Editing the anthology is more than perusing poems, cup of coffee in hand; it is admin and cold emails, collating an entire book while procuring the highly anticipated guest editors. “You have to just try your best and hope that some people reply – people are very busy”, says Famke; judging from the guests’ calibre, they have done more than their best, with Denise Riley and Lemn Sissay putting their names to the anthology this year. Leo adds that they wanted the guest editors to feel “relevant to student writing and writing in general”, with both having an Oxbridge connection as well as having poetry that continually speaks to a generation.

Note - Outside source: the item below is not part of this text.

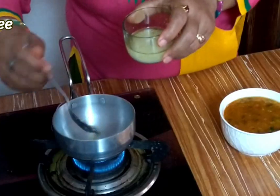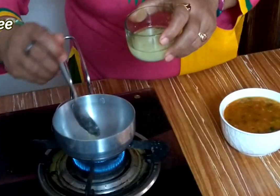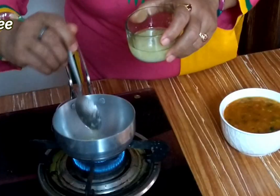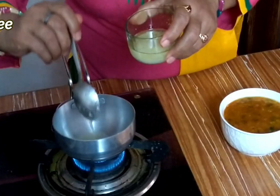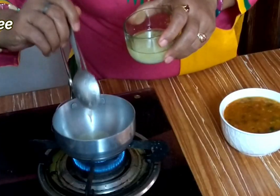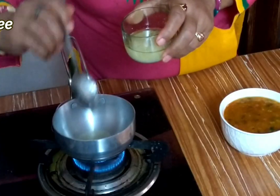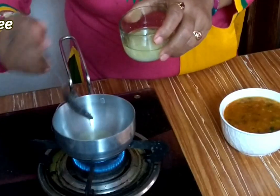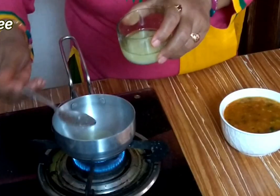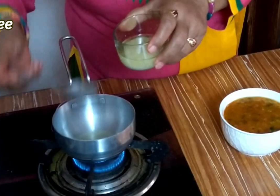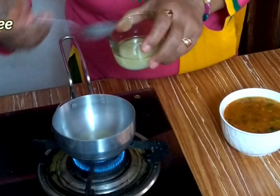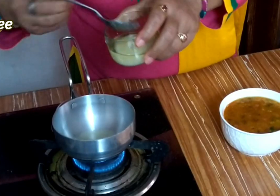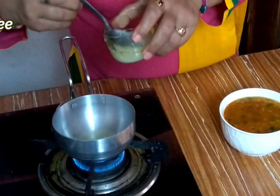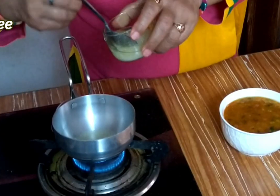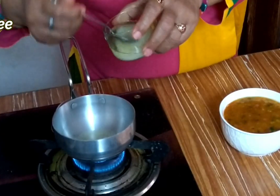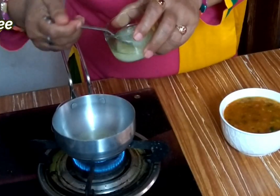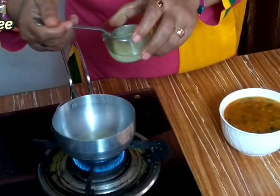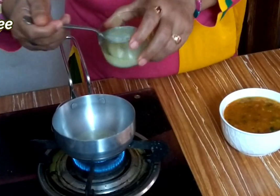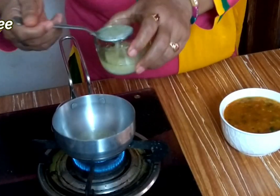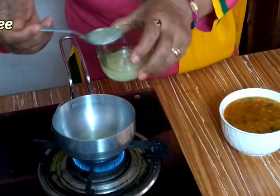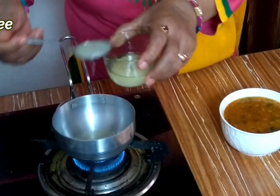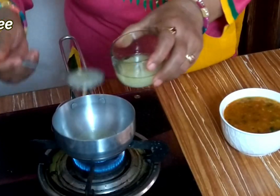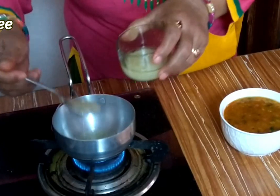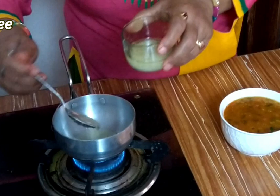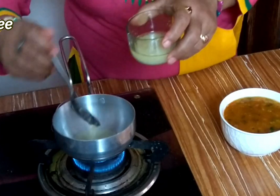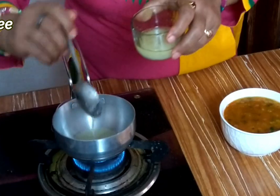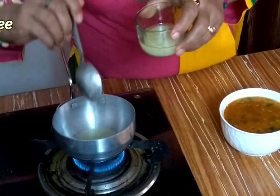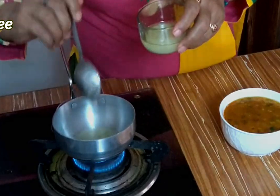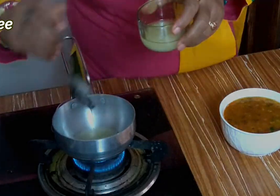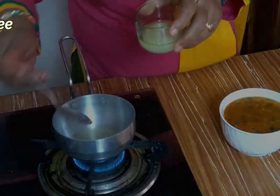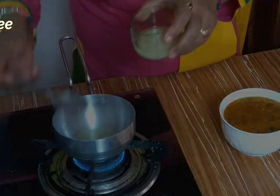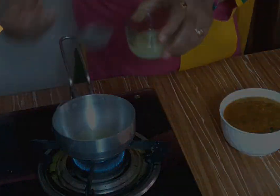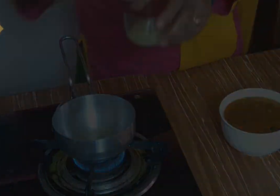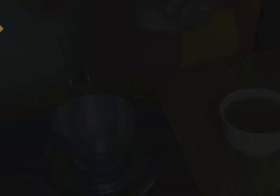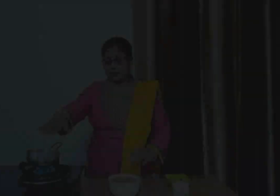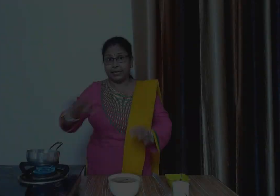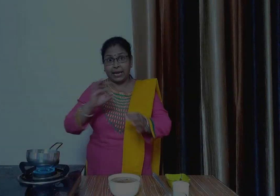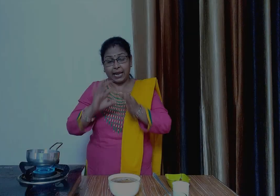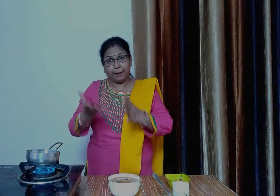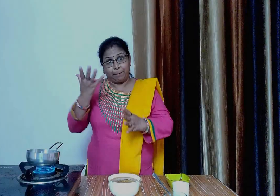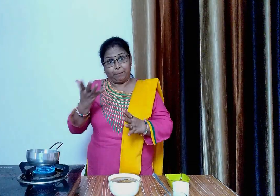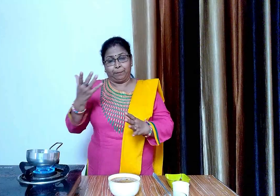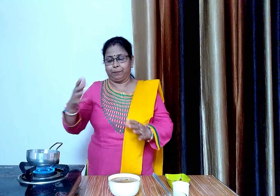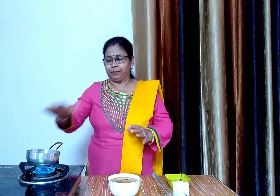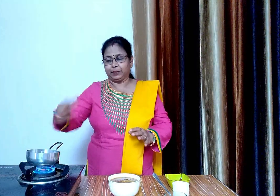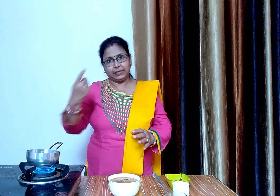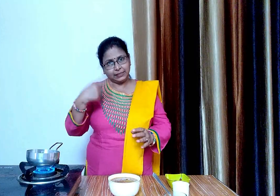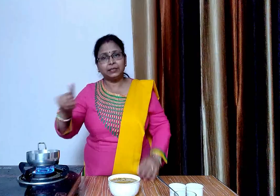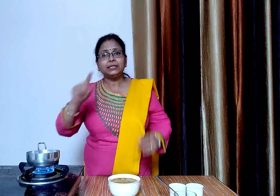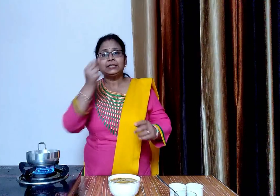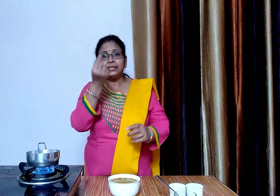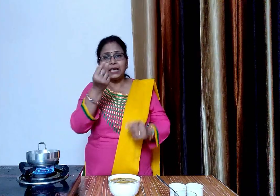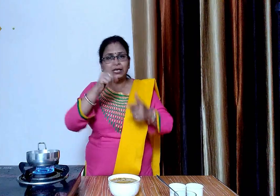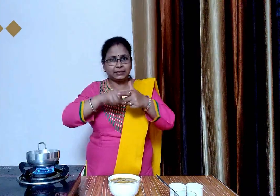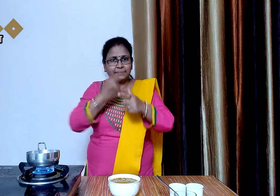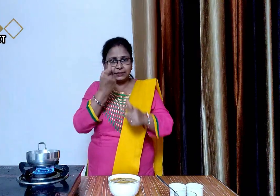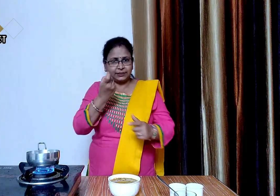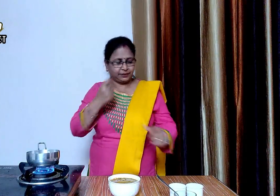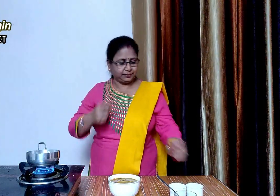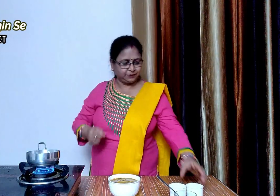ध्यान रहे हैं गी एकतम गरम होना चाहिए ताकि तड़क अच्छे से लगे गी भी गरम हो चुका है अब हम इसमें एक चमच जीरा

“Emotion … stands out, it strikes a cord, and lots of student writing is emotional, it’s expression”
The incredible creations of Emily Lawson-Todd intersperse The Mays, from doodles of the editorial team to the cover – a woman traversing the front with an arresting gaze and her Klimt-esque coat. Emily’s work has an “emotion in it that stands out, it strikes a cord, and lots of student writing is emotional, it’s expression; covers that are just plain or a pattern don’t necessarily capture this”, Leo explains. Her work is as vibrant as the community it represents, as “even the small Instagram posts we have, have the coolest cartoon people illustrated by Emily. Hopefully it fits the vibes that it is a creative community with faces” – the illustrations humanise what can be a mythical process and product. A key aim for the team was the promotion of a Mays community, built upon past members, contributors, and readers, all playing a role in the anthology’s conception. “The Mays is a living and vibrant community – still publishing at the forefront of student creativity – an opportunity to see student work at the beginning of their path. If you want to see what the new generation, or a snapshot of what a new generation of creative work may look like, it is here.”
The big question: why should you buy The Mays? From what I know about this year’s edition, it swells with the “eclectic” variety that tripos doesn’t always offer, full of innovation, “seeing things for what they are with no aesthetic agenda.” While we may not all go on to become Zadie Smith, who was first published in The Mays, what the anthology does – because of what Famke and Leo have created – is give readers “a sense of what people are thinking about right now”, what feels “urgent” to a student body at this moment in time. If you want to see what the future of writing looks like – you’ll find it here.